__REQUIRED ACTION__
I would like the entries transcribed word for word, please, with the pictures removed.

:: DATASET RECORDS

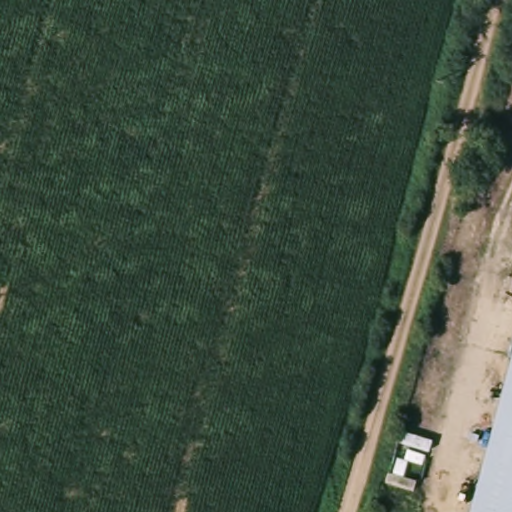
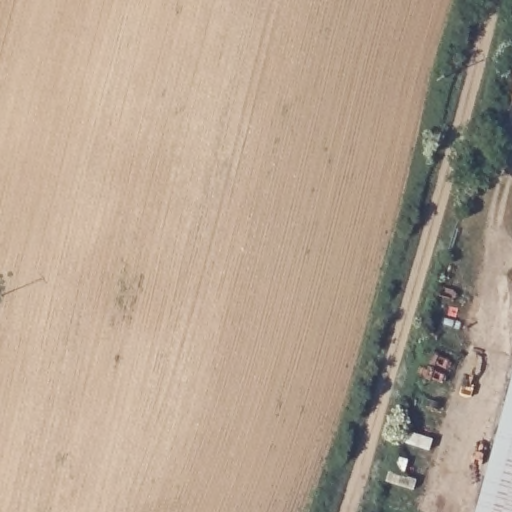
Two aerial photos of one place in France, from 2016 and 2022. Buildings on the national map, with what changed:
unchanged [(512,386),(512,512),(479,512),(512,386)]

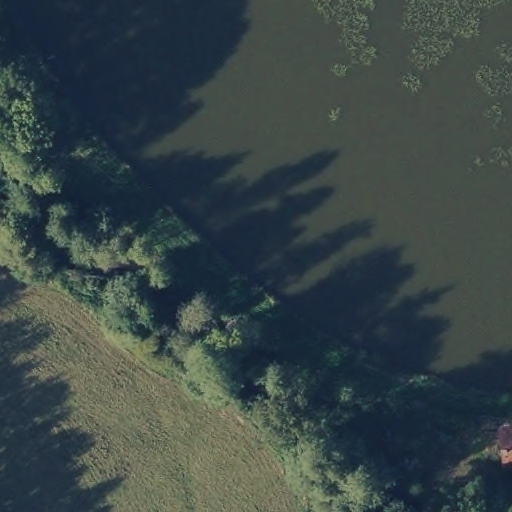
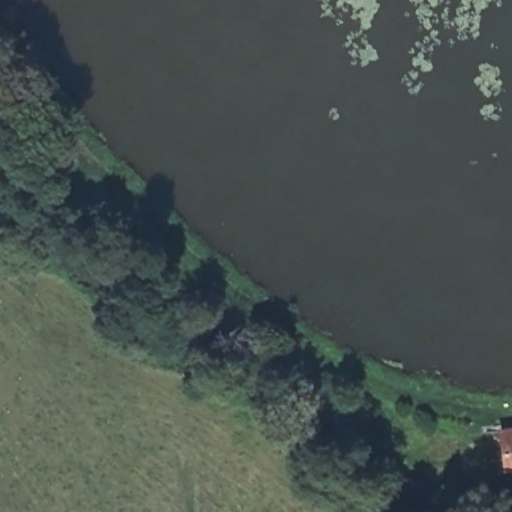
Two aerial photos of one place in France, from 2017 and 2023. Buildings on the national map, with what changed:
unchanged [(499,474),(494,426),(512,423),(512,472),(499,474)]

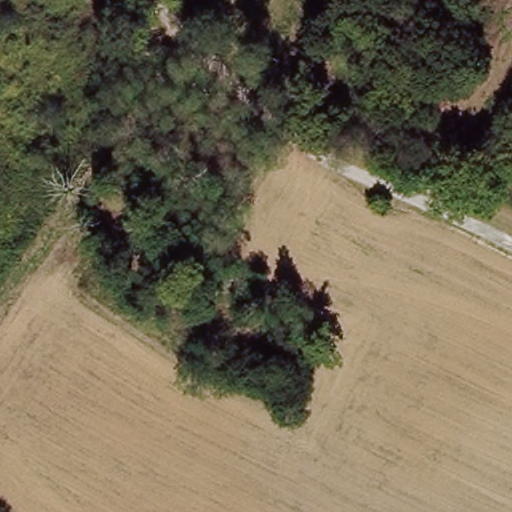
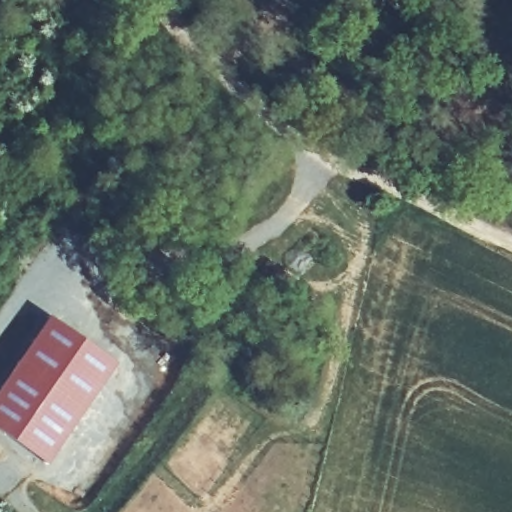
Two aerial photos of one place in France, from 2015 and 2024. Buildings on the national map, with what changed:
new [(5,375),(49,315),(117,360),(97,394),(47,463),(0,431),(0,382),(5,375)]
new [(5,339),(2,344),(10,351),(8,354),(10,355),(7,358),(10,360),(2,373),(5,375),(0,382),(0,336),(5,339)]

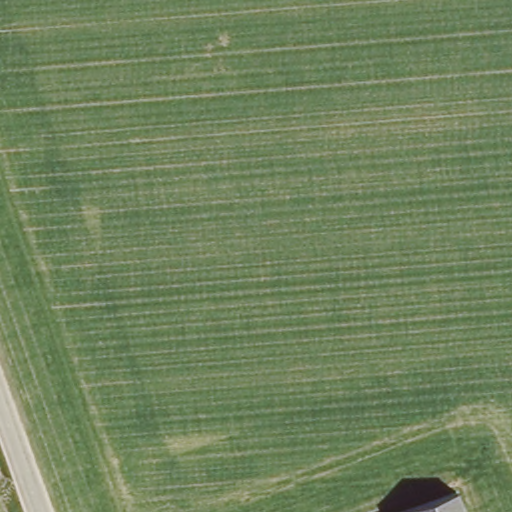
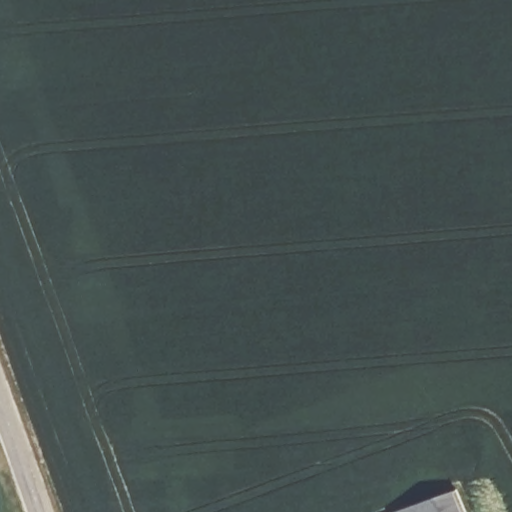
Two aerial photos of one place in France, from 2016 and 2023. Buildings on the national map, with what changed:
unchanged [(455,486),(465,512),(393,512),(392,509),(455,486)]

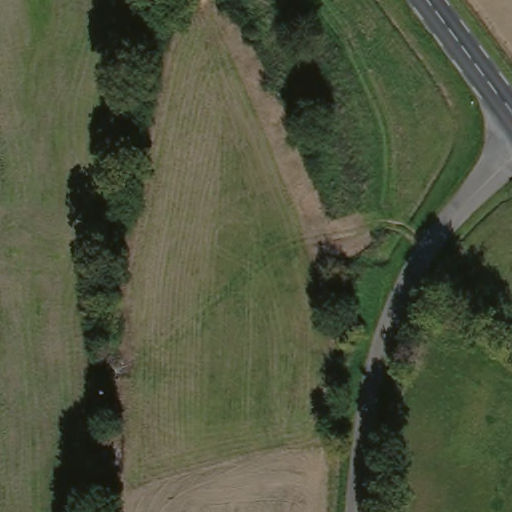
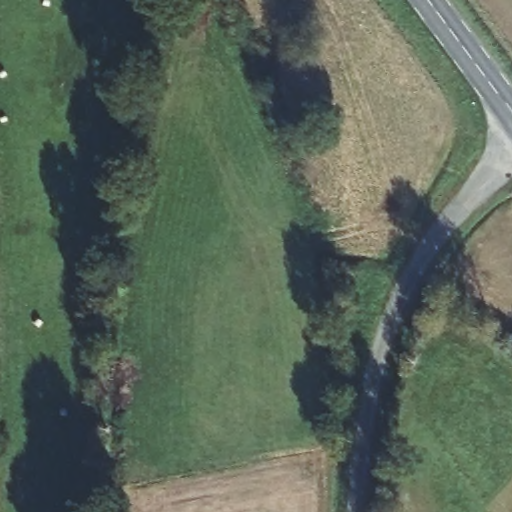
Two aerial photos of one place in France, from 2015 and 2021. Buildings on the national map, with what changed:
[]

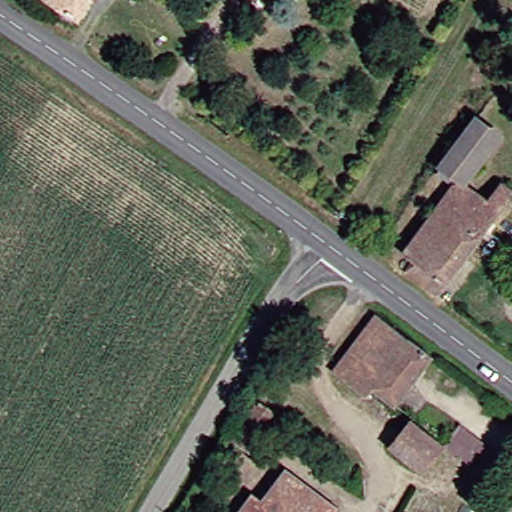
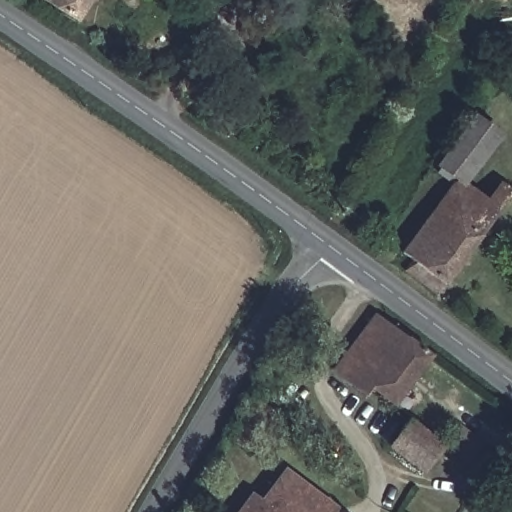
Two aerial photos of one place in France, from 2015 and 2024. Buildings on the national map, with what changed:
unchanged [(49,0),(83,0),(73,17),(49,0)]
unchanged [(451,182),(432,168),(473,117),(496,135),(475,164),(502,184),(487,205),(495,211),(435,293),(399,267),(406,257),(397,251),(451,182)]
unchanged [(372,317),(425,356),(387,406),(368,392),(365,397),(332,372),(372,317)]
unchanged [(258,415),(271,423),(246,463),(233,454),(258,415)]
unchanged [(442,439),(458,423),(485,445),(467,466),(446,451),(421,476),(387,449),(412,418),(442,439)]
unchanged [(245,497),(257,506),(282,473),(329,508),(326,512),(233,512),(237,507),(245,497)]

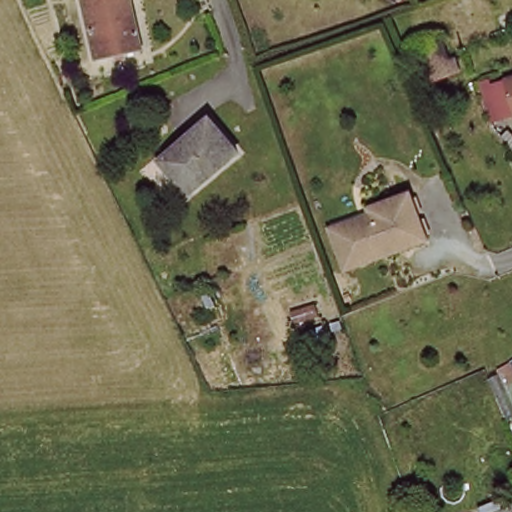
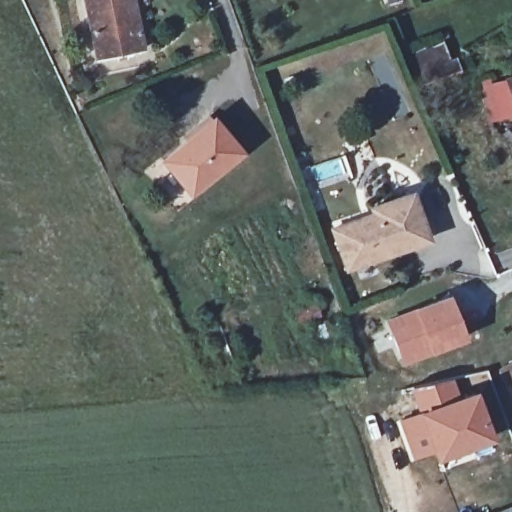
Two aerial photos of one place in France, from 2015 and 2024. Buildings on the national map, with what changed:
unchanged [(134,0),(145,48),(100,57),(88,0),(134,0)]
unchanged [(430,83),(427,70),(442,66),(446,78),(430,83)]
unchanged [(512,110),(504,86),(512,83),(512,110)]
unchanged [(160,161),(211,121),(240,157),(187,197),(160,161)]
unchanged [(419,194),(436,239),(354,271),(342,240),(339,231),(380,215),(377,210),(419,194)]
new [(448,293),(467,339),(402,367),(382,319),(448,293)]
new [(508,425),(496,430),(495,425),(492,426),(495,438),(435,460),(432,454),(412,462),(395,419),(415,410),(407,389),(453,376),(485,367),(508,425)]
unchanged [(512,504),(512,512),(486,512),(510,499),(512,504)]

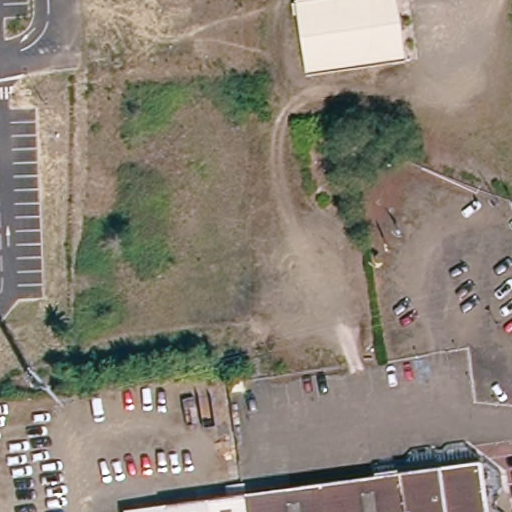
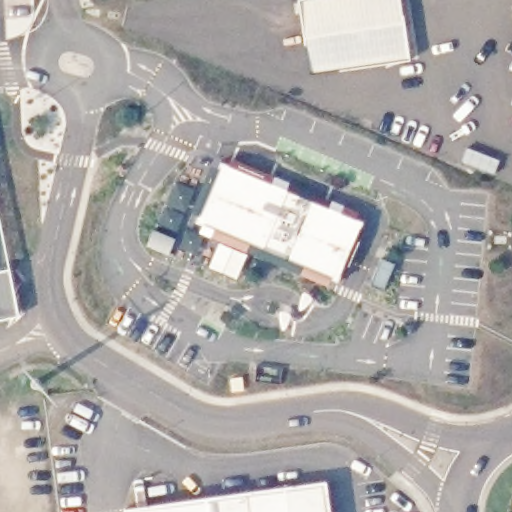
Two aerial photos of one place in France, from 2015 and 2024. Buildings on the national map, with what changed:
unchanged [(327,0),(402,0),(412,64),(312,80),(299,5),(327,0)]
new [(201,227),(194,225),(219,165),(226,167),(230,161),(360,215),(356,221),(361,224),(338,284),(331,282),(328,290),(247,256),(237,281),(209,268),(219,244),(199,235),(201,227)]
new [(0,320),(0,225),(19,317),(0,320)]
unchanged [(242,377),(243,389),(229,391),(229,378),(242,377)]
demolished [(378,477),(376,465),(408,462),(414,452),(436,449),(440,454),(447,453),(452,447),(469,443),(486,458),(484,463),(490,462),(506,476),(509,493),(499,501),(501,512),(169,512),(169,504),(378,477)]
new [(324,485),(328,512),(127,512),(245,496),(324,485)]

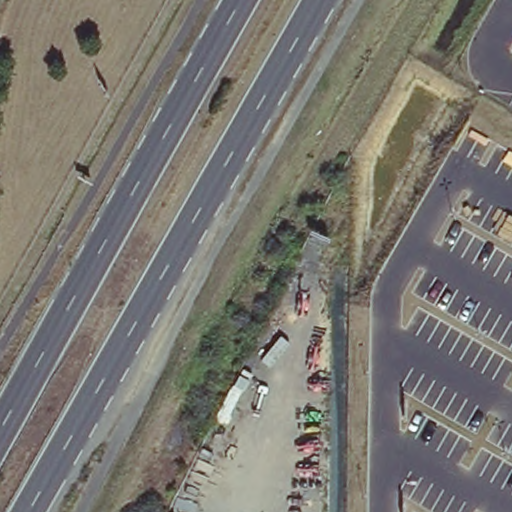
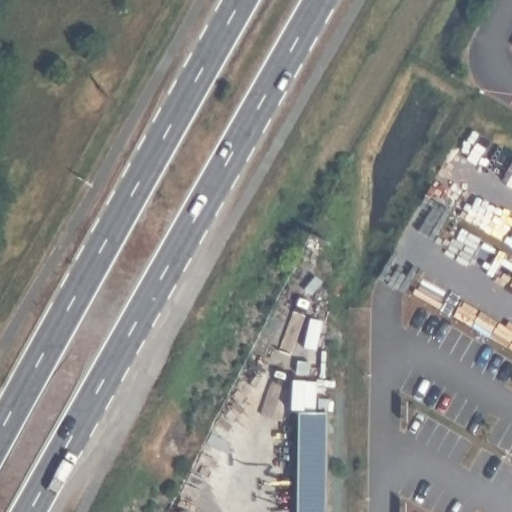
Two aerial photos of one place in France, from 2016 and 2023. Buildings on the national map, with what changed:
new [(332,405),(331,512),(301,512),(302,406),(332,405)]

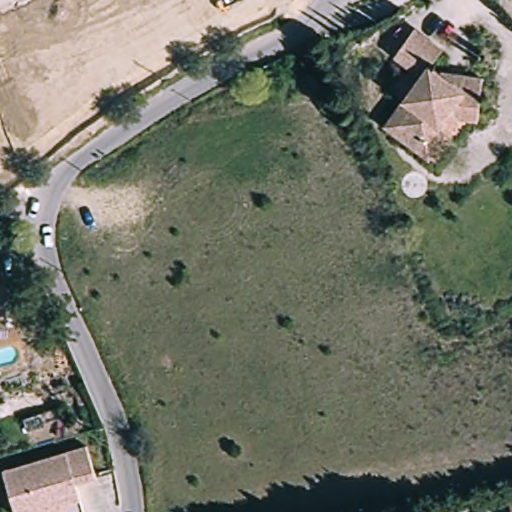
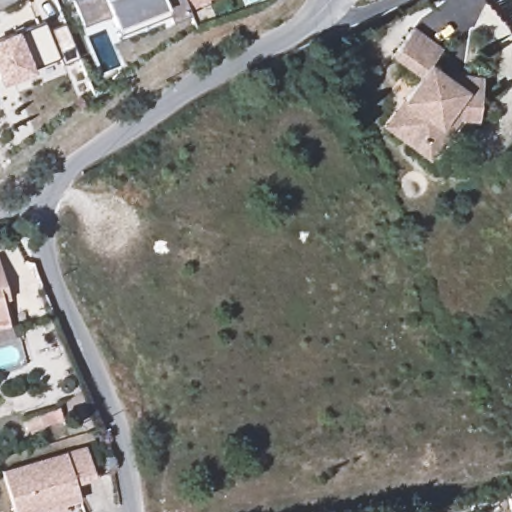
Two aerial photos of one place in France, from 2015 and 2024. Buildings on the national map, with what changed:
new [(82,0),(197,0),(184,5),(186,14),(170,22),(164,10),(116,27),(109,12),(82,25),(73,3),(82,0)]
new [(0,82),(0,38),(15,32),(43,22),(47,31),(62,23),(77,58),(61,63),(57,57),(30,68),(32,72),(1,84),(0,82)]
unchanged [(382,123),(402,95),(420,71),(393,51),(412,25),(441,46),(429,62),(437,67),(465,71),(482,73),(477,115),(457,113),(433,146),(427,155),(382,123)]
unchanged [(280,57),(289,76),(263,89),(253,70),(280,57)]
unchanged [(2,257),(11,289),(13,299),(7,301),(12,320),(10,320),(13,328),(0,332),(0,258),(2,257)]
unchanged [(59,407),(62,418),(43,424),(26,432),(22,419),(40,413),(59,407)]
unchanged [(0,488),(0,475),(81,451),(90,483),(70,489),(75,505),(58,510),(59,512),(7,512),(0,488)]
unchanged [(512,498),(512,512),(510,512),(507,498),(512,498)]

::::

__SOLUTION__
Two aerial photos of one place in France, from 2016 and 2022. Buildings on the national map, with what changed:
unchanged [(512,386),(512,512),(479,512),(512,386)]

Two aerial photos of one place in France, from 2017 and 2023. Buildings on the national map, with what changed:
unchanged [(499,474),(494,426),(512,423),(512,472),(499,474)]

Two aerial photos of one place in France, from 2015 and 2024. Buildings on the national map, with what changed:
new [(5,375),(49,315),(117,360),(97,394),(47,463),(0,431),(0,382),(5,375)]
new [(5,339),(2,344),(10,351),(8,354),(10,355),(7,358),(10,360),(2,373),(5,375),(0,382),(0,336),(5,339)]

Two aerial photos of one place in France, from 2016 and 2023. Buildings on the national map, with what changed:
unchanged [(455,486),(465,512),(393,512),(392,509),(455,486)]

Two aerial photos of one place in France, from 2015 and 2021. Buildings on the national map, with what changed:
[]

Two aerial photos of one place in France, from 2015 and 2024. Buildings on the national map, with what changed:
unchanged [(49,0),(83,0),(73,17),(49,0)]
unchanged [(451,182),(432,168),(473,117),(496,135),(475,164),(502,184),(487,205),(495,211),(435,293),(399,267),(406,257),(397,251),(451,182)]
unchanged [(372,317),(425,356),(387,406),(368,392),(365,397),(332,372),(372,317)]
unchanged [(258,415),(271,423),(246,463),(233,454),(258,415)]
unchanged [(442,439),(458,423),(485,445),(467,466),(446,451),(421,476),(387,449),(412,418),(442,439)]
unchanged [(245,497),(257,506),(282,473),(329,508),(326,512),(233,512),(237,507),(245,497)]

Two aerial photos of one place in France, from 2015 and 2024. Buildings on the national map, with what changed:
unchanged [(134,0),(145,48),(100,57),(88,0),(134,0)]
unchanged [(430,83),(427,70),(442,66),(446,78),(430,83)]
unchanged [(512,110),(504,86),(512,83),(512,110)]
unchanged [(160,161),(211,121),(240,157),(187,197),(160,161)]
unchanged [(419,194),(436,239),(354,271),(342,240),(339,231),(380,215),(377,210),(419,194)]
new [(448,293),(467,339),(402,367),(382,319),(448,293)]
new [(508,425),(496,430),(495,425),(492,426),(495,438),(435,460),(432,454),(412,462),(395,419),(415,410),(407,389),(453,376),(485,367),(508,425)]
unchanged [(512,504),(512,512),(486,512),(510,499),(512,504)]

Two aerial photos of one place in France, from 2015 and 2024. Buildings on the national map, with what changed:
unchanged [(327,0),(402,0),(412,64),(312,80),(299,5),(327,0)]
new [(201,227),(194,225),(219,165),(226,167),(230,161),(360,215),(356,221),(361,224),(338,284),(331,282),(328,290),(247,256),(237,281),(209,268),(219,244),(199,235),(201,227)]
new [(0,320),(0,225),(19,317),(0,320)]
unchanged [(242,377),(243,389),(229,391),(229,378),(242,377)]
demolished [(378,477),(376,465),(408,462),(414,452),(436,449),(440,454),(447,453),(452,447),(469,443),(486,458),(484,463),(490,462),(506,476),(509,493),(499,501),(501,512),(169,512),(169,504),(378,477)]
new [(324,485),(328,512),(127,512),(245,496),(324,485)]

Two aerial photos of one place in France, from 2016 and 2023. Buildings on the national map, with what changed:
new [(332,405),(331,512),(301,512),(302,406),(332,405)]

Two aerial photos of one place in France, from 2015 and 2024. Buildings on the national map, with what changed:
new [(82,0),(197,0),(184,5),(186,14),(170,22),(164,10),(116,27),(109,12),(82,25),(73,3),(82,0)]
new [(0,82),(0,38),(15,32),(43,22),(47,31),(62,23),(77,58),(61,63),(57,57),(30,68),(32,72),(1,84),(0,82)]
unchanged [(382,123),(402,95),(420,71),(393,51),(412,25),(441,46),(429,62),(437,67),(465,71),(482,73),(477,115),(457,113),(433,146),(427,155),(382,123)]
unchanged [(280,57),(289,76),(263,89),(253,70),(280,57)]
unchanged [(2,257),(11,289),(13,299),(7,301),(12,320),(10,320),(13,328),(0,332),(0,258),(2,257)]
unchanged [(59,407),(62,418),(43,424),(26,432),(22,419),(40,413),(59,407)]
unchanged [(0,488),(0,475),(81,451),(90,483),(70,489),(75,505),(58,510),(59,512),(7,512),(0,488)]
unchanged [(512,498),(512,512),(510,512),(507,498),(512,498)]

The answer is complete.